The most important factor influencing the value of the pound sterling is the monetary policy decided by the Bank of England. The BoE bases its decisions on whether it has achieved its main objective of “price stability” – a steady inflation rate of around 2%. Its main tool to achieve this is the adjustment of interest rates. When inflation is too high, the BoE will try to control it by raising interest rates, making it more expensive for people and businesses to access credit. This is generally positive for GBP as higher interest rates make the UK a more attractive place for global investors to park their money. When inflation falls too low, it is a sign that economic growth is slowing. In this scenario, the BoE will consider cutting interest rates to reduce credit so that companies borrow more to invest in growth-generating projects.

Data releases measure the health of the economy and can affect the value of the pound. Indicators such as GDP, manufacturing and services PMI and employment can all influence the direction of the GBP. A strong economy is good for Sterling. Not only does it attract more foreign investment, it may encourage the BoE to raise interest rates, which will directly strengthen the GBP. Otherwise, if the economic data is weak, the pound is likely to fall.
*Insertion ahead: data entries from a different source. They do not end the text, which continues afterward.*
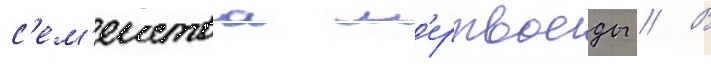
с'ем'еиства м'ертвоеды // В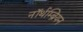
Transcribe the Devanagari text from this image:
नॉर्थम्ब्रियन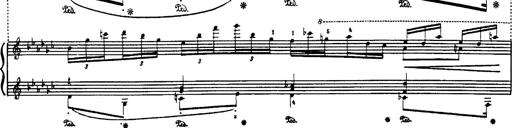
Title: Danza sacra e duetto finale dâ€™Aida
Composer: Franz Liszt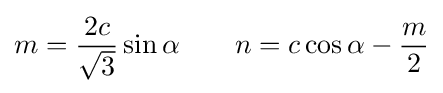
m={\frac {2c}{\sqrt {3}}}\sin \alpha \quad \quad n=c\cos \alpha -{\frac {m}{2}}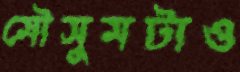
মৌসুমটাও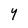
Character: y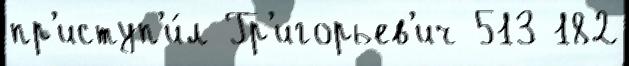
пр'иступ'и́л Гр'игорьев'ич 513 182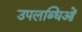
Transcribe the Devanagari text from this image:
उपलब्धिओं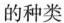
的种类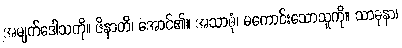
အမျက်ဒေါသကို။ ဇိနာတိ၊ အောင်၏။ အသာဓုံ၊ မကောင်းသောသူကို။ သာဓုနာ၊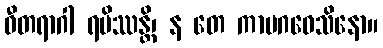
ဝီတရာဂါ ရမိဿန္တိ၊ န တေ ကာမဂဝေသိနော။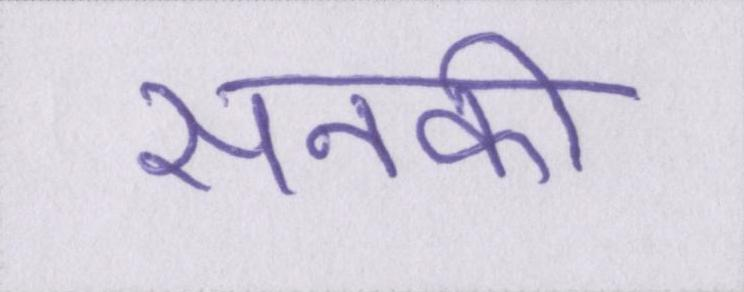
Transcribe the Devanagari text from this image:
सनकी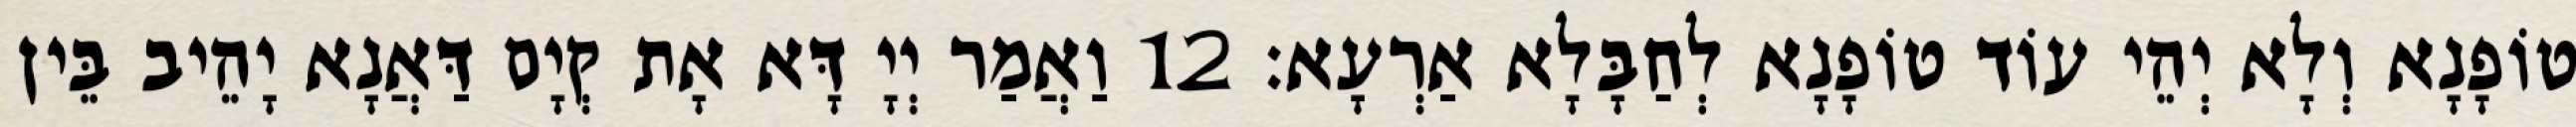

Another significant release of data for the pound is the trade balance. This indicator measures the difference between what a country earns from its exports and what it spends on imports in a given period. If a country produces highly sought-after exports, its currency will only benefit from the additional demand created by foreign buyers looking to purchase these goods. Therefore, a positive net trade balance strengthens a currency and vice versa for a negative balance.